A dopaminergic neuroblastoma was derived using somatic cell fusion of rat embryonic mesencephalon cells and the murine neuroblastoma-glioma cell line N18TG2. The resulting interspecies hybrid, named MES23.5, has retained a stable phenotype and karyotype for a continuous culture period of 1 year. The hybrid exhibits several properties that suggest that the parent primary neurons originated in the substantia nigra. The cell line contains tyrosine hydroxylase, which is identifiable both by biochemical and immunological methods and synthesizes dopamine, but no other catecholamine. Additionally, the cell line expresses apparent voltage-gated CA2+ channels as measured by high-affinity ω-conotoxin binding.
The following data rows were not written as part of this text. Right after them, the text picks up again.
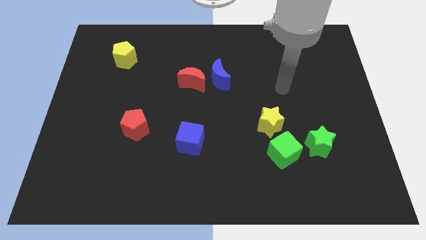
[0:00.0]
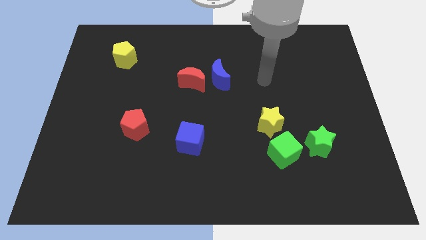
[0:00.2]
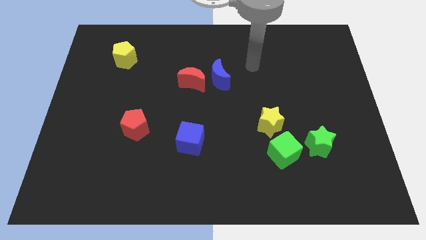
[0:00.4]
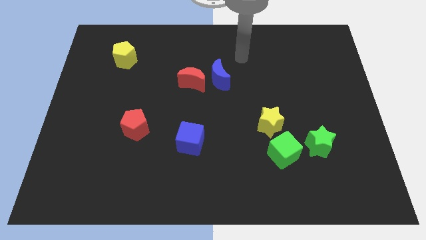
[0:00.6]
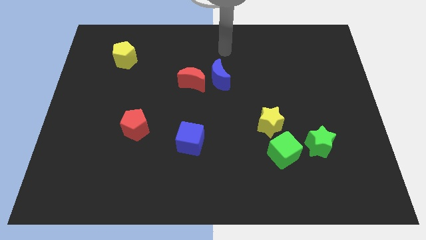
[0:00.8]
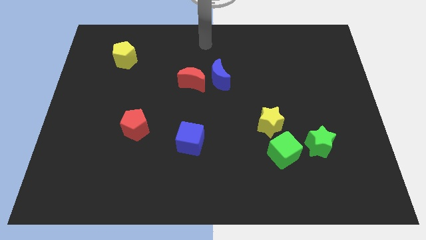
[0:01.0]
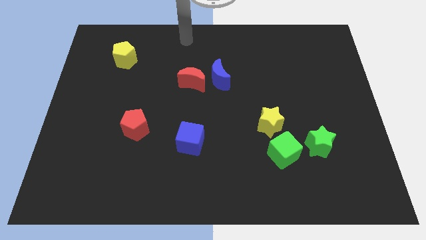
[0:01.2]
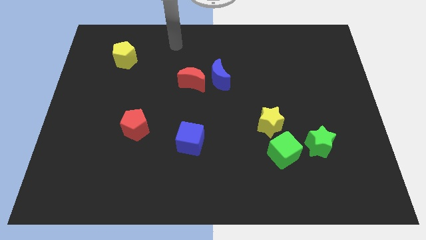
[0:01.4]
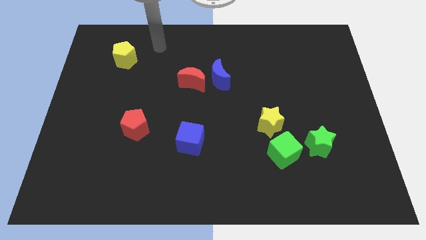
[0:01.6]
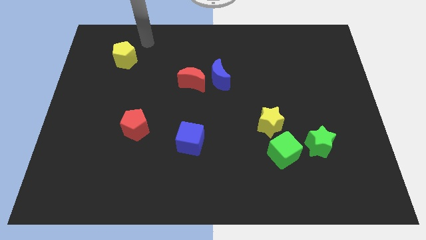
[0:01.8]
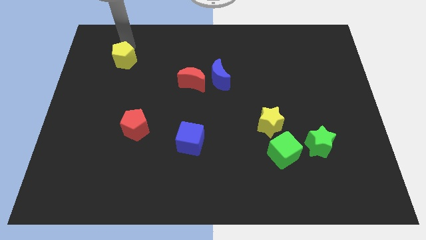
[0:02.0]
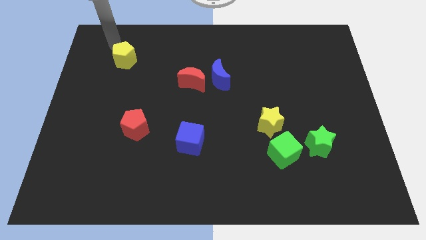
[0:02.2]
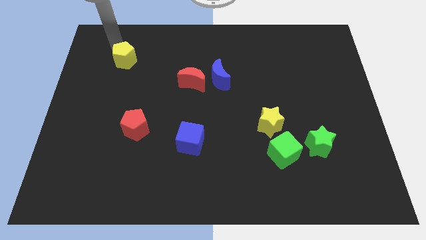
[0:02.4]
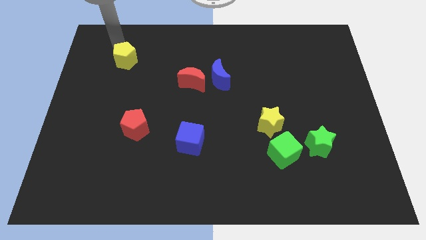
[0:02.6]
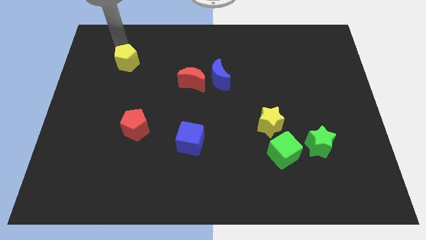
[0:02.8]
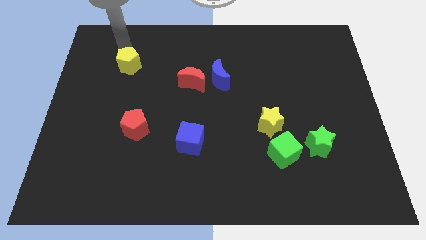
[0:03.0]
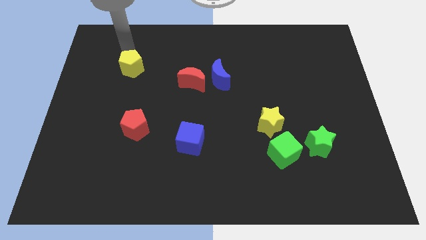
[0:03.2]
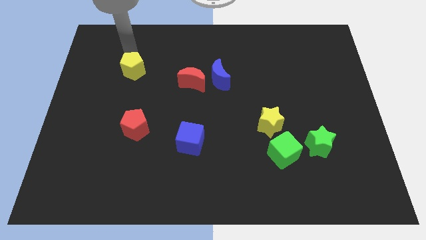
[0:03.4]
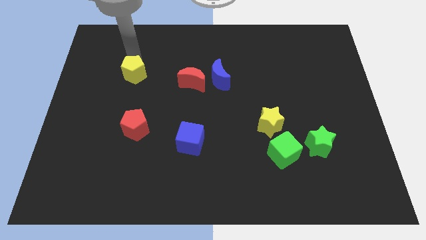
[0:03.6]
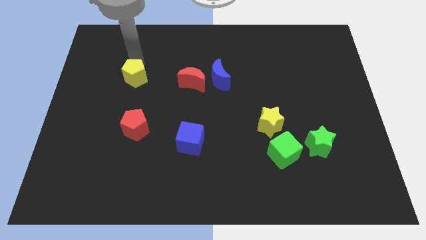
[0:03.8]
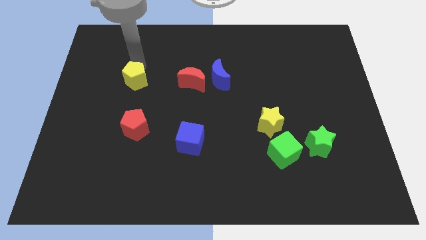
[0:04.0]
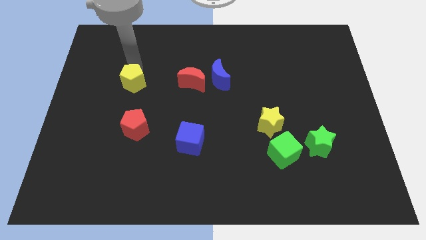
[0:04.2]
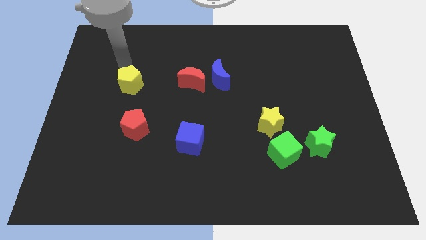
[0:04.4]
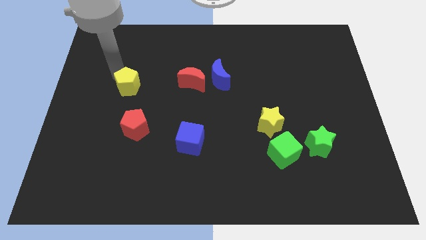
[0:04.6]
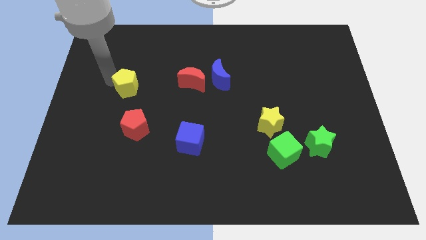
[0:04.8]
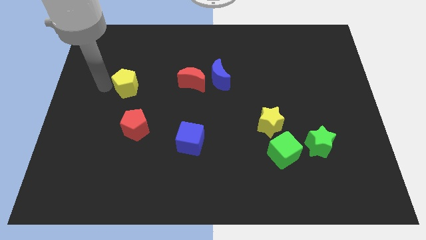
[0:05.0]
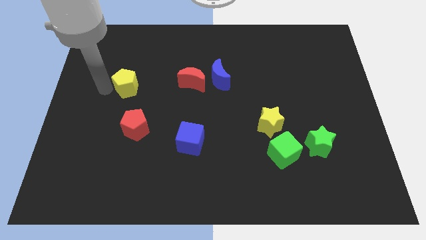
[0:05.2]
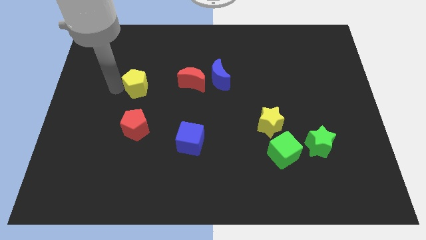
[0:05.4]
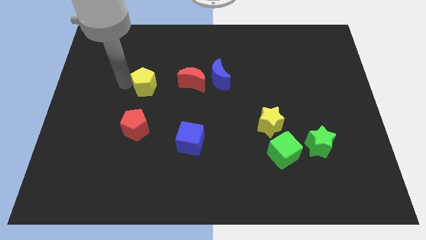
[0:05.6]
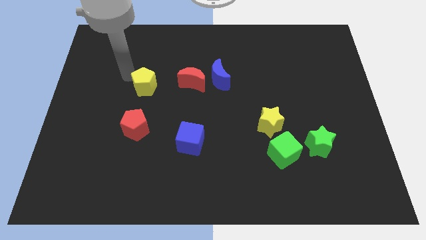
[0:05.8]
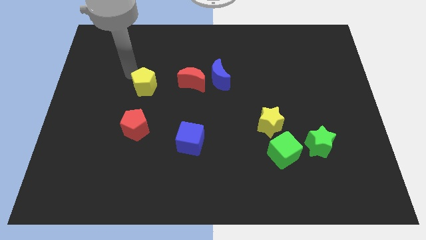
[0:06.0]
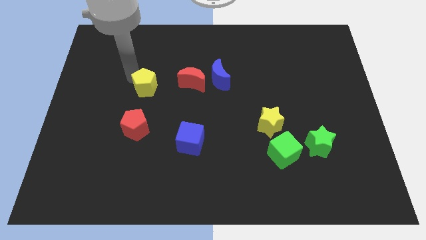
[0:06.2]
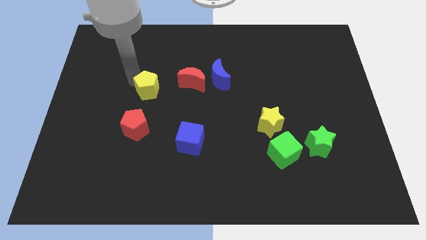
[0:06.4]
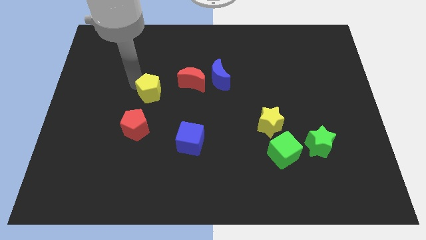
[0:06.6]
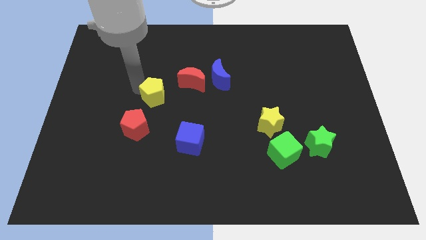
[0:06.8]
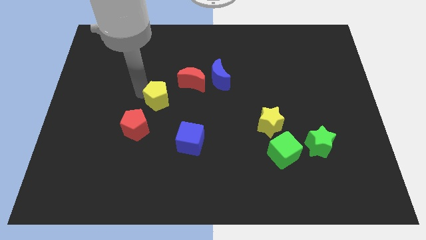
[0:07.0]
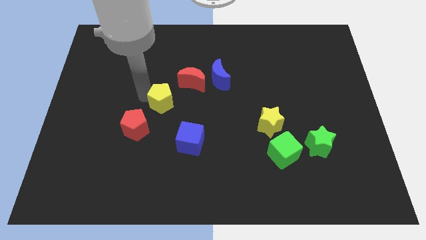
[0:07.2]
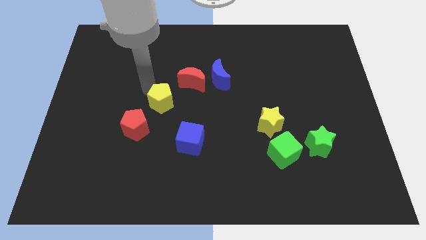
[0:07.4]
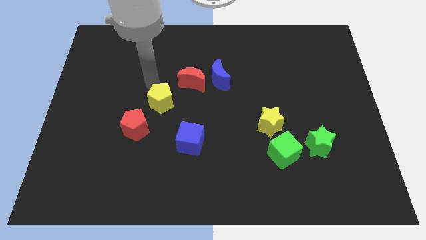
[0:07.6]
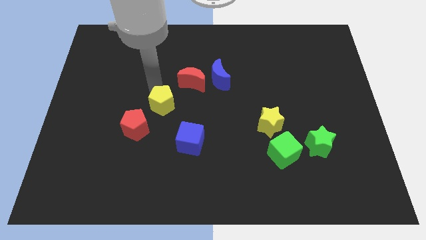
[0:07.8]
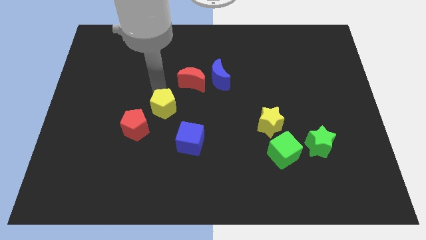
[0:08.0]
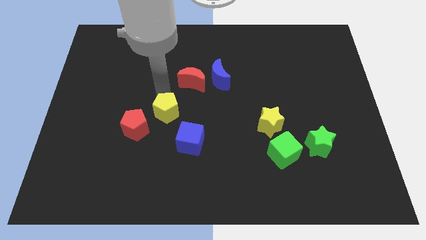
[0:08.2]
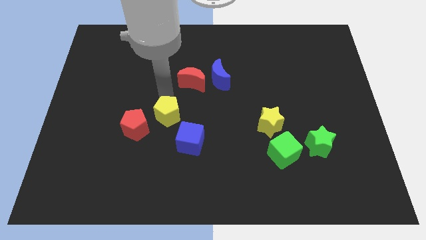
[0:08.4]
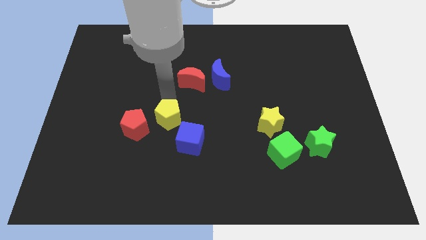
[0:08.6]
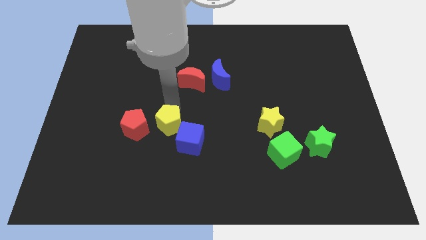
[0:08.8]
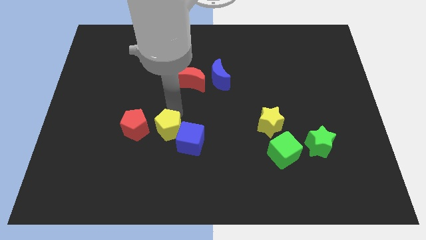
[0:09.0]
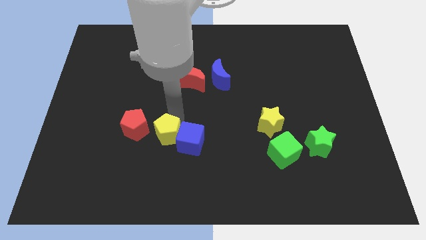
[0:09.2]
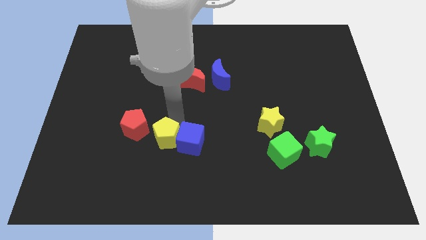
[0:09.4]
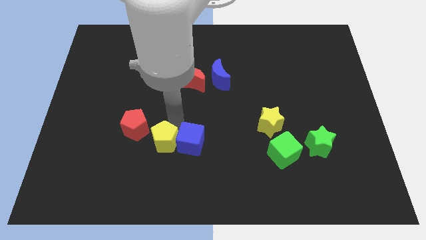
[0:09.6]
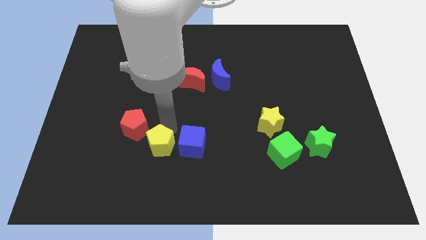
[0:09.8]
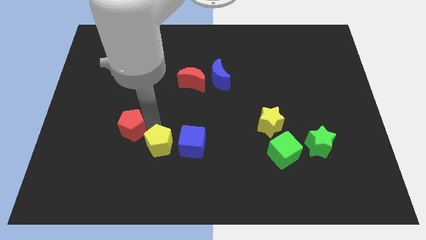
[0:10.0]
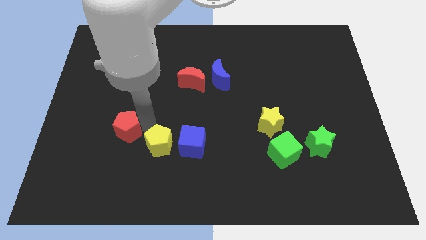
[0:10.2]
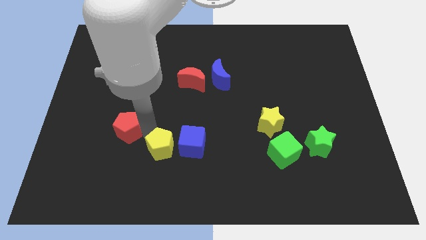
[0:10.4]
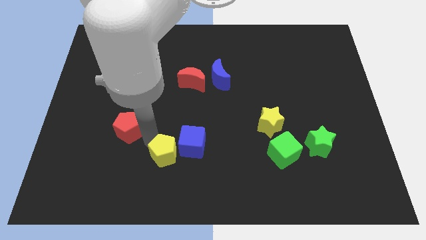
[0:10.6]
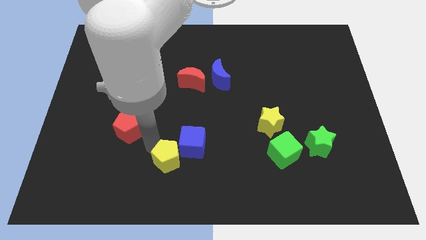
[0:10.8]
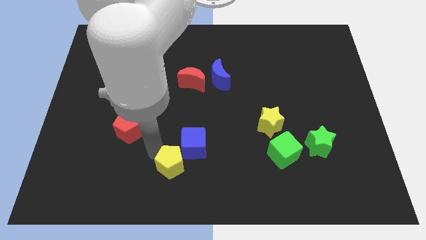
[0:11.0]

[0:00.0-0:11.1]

The MES23.5 ω-conotoxin receptors are of similar affinity class to those found in adult rat mesencephalon. No dihydropyridine receptors, as measured by PN200-100 ligand binding, are present. None of these properties are found in the N18TG2 parent. At least three neuronal features, namely, tyrosine hydroxylase, dopamine synthesis, and ω-conotoxin receptor expression, are quantitatively elevated after sustained treatment with cAMP analogs. The cell line expresses a complex range of neural properties found in the dopaminergic neurons of the substantia nigra, and may therefore be useful elucidating further details of their cell biology.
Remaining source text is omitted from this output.